I’m chemically, botanically, deeply Spotify radio of songs that sound like Mitski’s-“I Bet On Losing Dogs”-when-Puberty’s-played-through unwell. Fr fr. Such a pathetic fuck or so I am tell myself on nights I feel like Pluto finding out it was just a cold rock and not a glimmer of hope, a real big deal. Sometimes I can feel my ssri start turning verbs into gerunds and oh no’s to goddamn. I am sad I can’t time travel. I am sad that people say one thing and then do another. I am sad I did one thing and said another. I’m sad because of other people and myself and the fact someone can own the stars and my body and my time— there’s inside and outside stimuli and I can’t seem to just reach for the switch to turn the light off when I’m tired.

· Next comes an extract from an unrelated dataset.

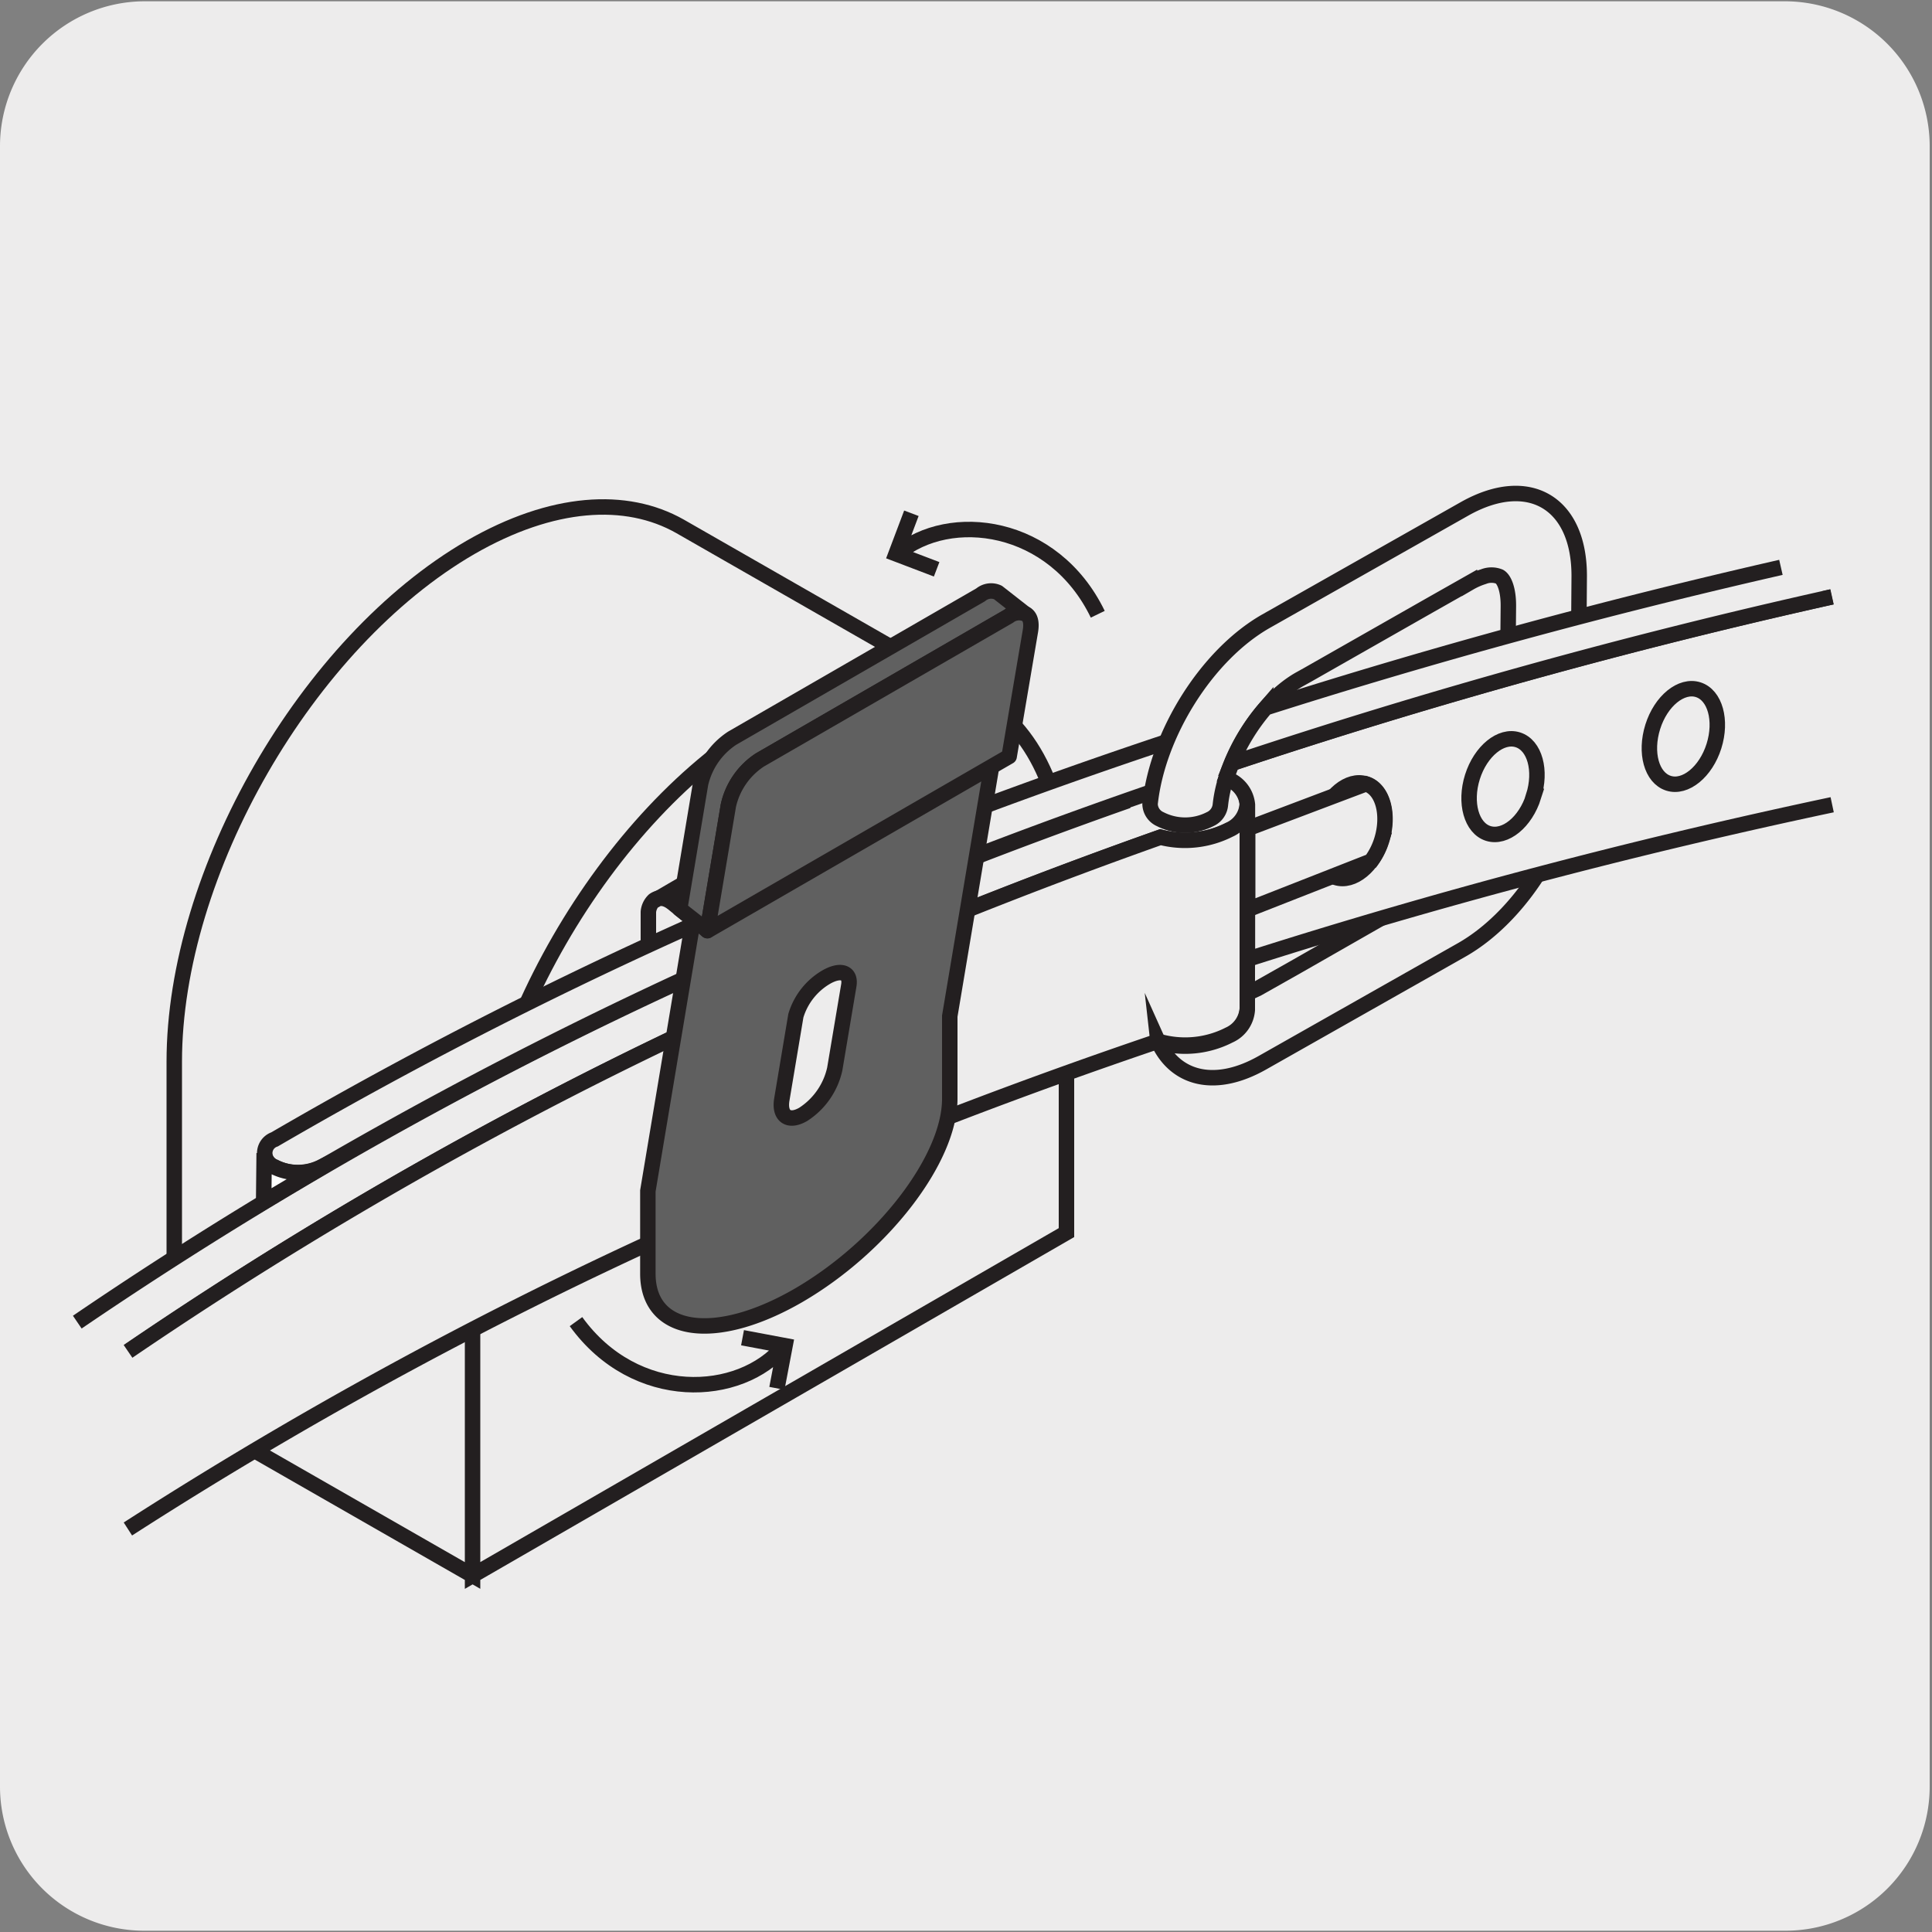 <svg id="Capa_1" data-name="Capa 1" xmlns="http://www.w3.org/2000/svg" viewBox="0 0 150 150"><rect x="0" y="0" width="150" height="150" fill="#808080" stroke="none"/><defs><style>.cls-1{fill:#edecec;}.cls-2,.cls-3{fill:none;stroke:#231f20;stroke-width:1.2px;}.cls-2{stroke-miterlimit:10;}.cls-3{stroke-linecap:round;stroke-linejoin:round;}.cls-4{fill:#fff;}.cls-5{fill:#e6e7e8;}.cls-6{fill:#606060;}</style></defs><g id="Capa_2" data-name="Capa 2"><path class="cls-1" d="M11.22.1H138.53a11.25,11.25,0,0,1,11.29,11.21h0v127.4a11.19,11.19,0,0,1-11.19,11.19H11.16A11.19,11.19,0,0,1,0,138.71H0V11.34A11.25,11.25,0,0,1,11.22.1Z"/></g><g id="Capa_3" data-name="Capa 3"><path class="cls-2" d="M13.53,109.05V82.43c0-14.7,10.31-32.58,23-39.93,6.35-3.66,12.09-4,16.26-1.64L76,54.15c-4.17-2.4-9.92-2-16.28,1.63C47,63.13,36.69,81,36.69,95.71v26.61ZM82.8,95.7,36.69,122.32V95.71C36.69,81,47,63.13,59.74,55.78c6.36-3.67,12.11-4,16.28-1.63s6.78,7.57,6.78,14.94Z"/><path class="cls-1" d="M50.34,75.8v-5a1.42,1.42,0,0,1,.43-.9,1.1,1.1,0,0,1,1.45.16l.54.44,1.09.86L53.41,74Z"/><path class="cls-3" d="M50.34,75.8v-5a1.42,1.42,0,0,1,.43-.9,1.1,1.1,0,0,1,1.45.16l.54.44,1.09.86L53.41,74Z"/><path class="cls-2" d="M57.65,103.86l3.3.62-.63,3.31m.55-3.27c-3.41,4.07-11.53,4.48-16.15-1.91m28-58.41L69.57,43l1.19-3.15M69.66,43c4.07-3.41,12.13-2.41,15.57,4.69"/><path class="cls-1" d="M6,102.65A323.72,323.72,0,0,1,61.87,72.19q12.38-5.32,25.37-9.91h0a2.53,2.53,0,0,1,1.4-1.75,7.52,7.52,0,0,1,6.79,0,2.07,2.07,0,0,1,0,3.92A7.63,7.63,0,0,1,90.1,65h0q-12.7,4.48-24.83,9.71A319.37,319.37,0,0,0,10,104.91"/><path class="cls-2" d="M6,102.65A323.72,323.72,0,0,1,61.87,72.19q12.38-5.32,25.37-9.91h0a2.53,2.53,0,0,1,1.4-1.75,7.52,7.52,0,0,1,6.79,0,2.07,2.07,0,0,1,0,3.92A7.63,7.63,0,0,1,90.1,65h0q-12.7,4.48-24.83,9.71A319.37,319.37,0,0,0,10,104.91"/><path class="cls-1" d="M92.46,60.44Q77.87,65.35,64,71.2A341.12,341.12,0,0,0,25,90.6h0a4,4,0,0,1-3.68,0,1.13,1.13,0,0,1,0-2.14A343.78,343.78,0,0,1,60.78,68.78c10.49-4.42,21.33-8.43,32.44-12.06Z"/><path class="cls-2" d="M92.46,60.44Q77.87,65.35,64,71.2A341.12,341.12,0,0,0,25,90.6h0a4,4,0,0,1-3.68,0,1.13,1.13,0,0,1,0-2.14A343.78,343.78,0,0,1,60.78,68.78c10.49-4.42,21.33-8.43,32.44-12.06Z"/><path class="cls-4" d="M20.47,93.32c1.48-.89,3-1.79,4.5-2.67v-.06a4.09,4.09,0,0,1-3.7,0,1.34,1.34,0,0,1-.76-1.06Z"/><path class="cls-2" d="M20.47,93.32c1.48-.89,3-1.79,4.5-2.67v-.06a4.09,4.09,0,0,1-3.7,0,1.34,1.34,0,0,1-.76-1.06Z"/><path class="cls-1" d="M9.94,104.92A320,320,0,0,1,65.27,74.73Q77.39,69.51,90.1,65h0a7.6,7.6,0,0,0,5.34-.58,2.35,2.35,0,0,0,1.4-2v15.9a2.41,2.41,0,0,1-1.41,2,7.5,7.5,0,0,1-5.52.52h0q-15.7,5.32-30.56,11.71A330.59,330.59,0,0,0,9.93,118.71"/><path class="cls-2" d="M9.94,104.92A320,320,0,0,1,65.27,74.73Q77.39,69.51,90.1,65h0a7.6,7.6,0,0,0,5.34-.58,2.35,2.35,0,0,0,1.4-2v15.9a2.41,2.41,0,0,1-1.41,2,7.5,7.5,0,0,1-5.52.52h0q-15.7,5.32-30.56,11.71A330.59,330.59,0,0,0,9.93,118.71"/><path class="cls-5" d="M53.09,68.6l-2.3,1.34c.37-.31.88-.26,1.43.17l.54.44Z"/><path class="cls-2" d="M53.09,68.6l-2.3,1.34c.37-.31.88-.26,1.43.17l.54.44Z"/><path class="cls-6" d="M64.81,83a5.64,5.64,0,0,1-2.45,3.52c-1.13.65-1.87.14-1.66-1.15l1.09-6.51a5.2,5.2,0,0,1,2.36-3c1.14-.65,1.92-.36,1.75.65Zm-11-11.54-3.51,21v6.43c0,4.66,5.24,5.42,11.7,1.68h0C68.5,96.79,73.74,90,73.74,85.31V78.89l3.52-21Z"/><path class="cls-2" d="M64.81,83a5.64,5.64,0,0,1-2.45,3.52c-1.13.65-1.87.14-1.66-1.15l1.09-6.51a5.2,5.2,0,0,1,2.36-3c1.14-.65,1.92-.36,1.75.65Zm-11-11.54-3.51,21v6.43c0,4.66,5.24,5.42,11.7,1.68h0C68.5,96.79,73.74,90,73.74,85.31V78.89l3.52-21Z"/><path class="cls-6" d="M52.77,70.57l1.62-9.71a5.76,5.76,0,0,1,2.46-3.55L76.14,46.18A1.26,1.26,0,0,1,77.48,46l2.16,1.69a1.28,1.28,0,0,0-1.34.15L59,59a5.71,5.71,0,0,0-2.45,3.55l-1.63,9.7Z"/><path class="cls-3" d="M52.77,70.57l1.62-9.71a5.76,5.76,0,0,1,2.46-3.55L76.14,46.18A1.26,1.26,0,0,1,77.48,46l2.16,1.69a1.28,1.28,0,0,0-1.34.15L59,59a5.71,5.71,0,0,0-2.45,3.55l-1.63,9.7Z"/><path class="cls-6" d="M78.35,58.73,80,49c.11-.65,0-1.1-.33-1.31a1.28,1.28,0,0,0-1.34.15L59,59a5.71,5.71,0,0,0-2.45,3.54l-1.63,9.72Z"/><path class="cls-3" d="M78.35,58.73,80,49c.11-.65,0-1.1-.33-1.31a1.28,1.28,0,0,0-1.34.15L59,59a5.71,5.71,0,0,0-2.45,3.54l-1.63,9.72Z"/><path class="cls-1" d="M89.9,80.83c1.32,2.94,4.42,3.78,8.13,1.67h0l15.42-8.73c5-2.82,9-9.71,9.06-15.4l.1-13.66c0-5.7-3.93-8-8.89-5.21h0L98.29,48.23c-4.6,2.62-8.43,8.77-9,14.19h0a1.32,1.32,0,0,0,.79,1.18,4.26,4.26,0,0,0,3.87,0,1.36,1.36,0,0,0,.8-1.11h0c.38-3.63,3.09-8,6.13-9.74l.63-.35L111,47l3.09-1.75a5.31,5.31,0,0,1,1.09-.48,1.66,1.66,0,0,1,1.24,0c.36.2.7,1,.69,2.29L117,58.73a14,14,0,0,1-6.2,10.52L100.74,75l-3.08,1.74-.82.39V78.4a2.36,2.36,0,0,1-1.41,2,7.5,7.5,0,0,1-5.52.52Z"/><path class="cls-2" d="M89.9,80.83c1.32,2.94,4.42,3.78,8.13,1.67h0l15.42-8.73c5-2.82,9-9.71,9.06-15.4l.1-13.66c0-5.7-3.93-8-8.89-5.21h0L98.29,48.23c-4.6,2.62-8.43,8.77-9,14.19h0a1.32,1.32,0,0,0,.79,1.18,4.26,4.26,0,0,0,3.87,0,1.36,1.36,0,0,0,.8-1.11h0c.38-3.63,3.09-8,6.13-9.74l.63-.35L111,47l3.09-1.75a5.31,5.31,0,0,1,1.09-.48,1.66,1.66,0,0,1,1.24,0c.36.2.7,1,.69,2.29L117,58.73a14,14,0,0,1-6.2,10.52L100.74,75l-3.08,1.74-.82.39V78.4a2.36,2.36,0,0,1-1.41,2,7.5,7.5,0,0,1-5.52.52Z"/><path class="cls-1" d="M142.24,46.34a470.11,470.11,0,0,0-46.6,12.93l-.43,1.13.23.13a2.37,2.37,0,0,1,1.41,1.95v12c14.68-4.69,29.85-8.7,45.4-12"/><path class="cls-2" d="M142.24,46.34a470.11,470.11,0,0,0-46.6,12.93l-.43,1.13.23.13a2.37,2.37,0,0,1,1.41,1.95v12c14.68-4.69,29.85-8.7,45.4-12"/><path class="cls-1" d="M138.27,44.05q-20.49,4.68-40,10.9a15.75,15.75,0,0,0-2.65,4.32,470.11,470.11,0,0,1,46.6-12.93"/><path class="cls-2" d="M138.27,44.05q-20.49,4.68-40,10.9a15.75,15.75,0,0,0-2.65,4.32,470.11,470.11,0,0,1,46.6-12.93"/><path class="cls-2" d="M133.07,57.93c-.63,2-2.22,3.3-3.53,2.88s-1.85-2.37-1.22-4.38,2.22-3.3,3.53-2.88S133.7,55.93,133.07,57.93Zm-14,3.9c-.63,2-2.21,3.29-3.52,2.88s-1.86-2.39-1.23-4.39,2.22-3.3,3.53-2.88,1.85,2.38,1.21,4.39Zm-11.82,3.42c-.64,2-2.21,3.3-3.53,2.88s-1.86-2.38-1.22-4.39,2.21-3.3,3.53-2.88,1.84,2.38,1.21,4.39Z"/><path class="cls-1" d="M96.87,64.33v6.29l9.58-3.76a5.45,5.45,0,0,0,.82-1.61c.63-2,.09-4-1.22-4.39Z"/><path class="cls-2" d="M96.87,64.33v6.29l9.58-3.76a5.45,5.45,0,0,0,.82-1.61c.63-2,.09-4-1.22-4.39Z"/></g></svg>

In an alternate version of this, I am the handful of dust” in that one T.S. Eliot poem, the earnest way Tracy Chapman promises to get her lover out of the city. I am her swollen feet after taking that job. I am the guitar on Outkast’s Gasoline Dreams” but also the arpeggiated twinkly chords in your favorite midwestern emo song. Sad fuck feels right though. It’s less clinical and considers the plosive air on the tongue to scream. It’s easier to understand myself in songs I could put on repeat than the generic version of drugs I have to take to get through the day. It’s just been a while since I’ve been callous about it. I couldn’t be soft this time. I am fighting for my life. I don’t need self-care tonight. I need self-defense. Protect me from what I want.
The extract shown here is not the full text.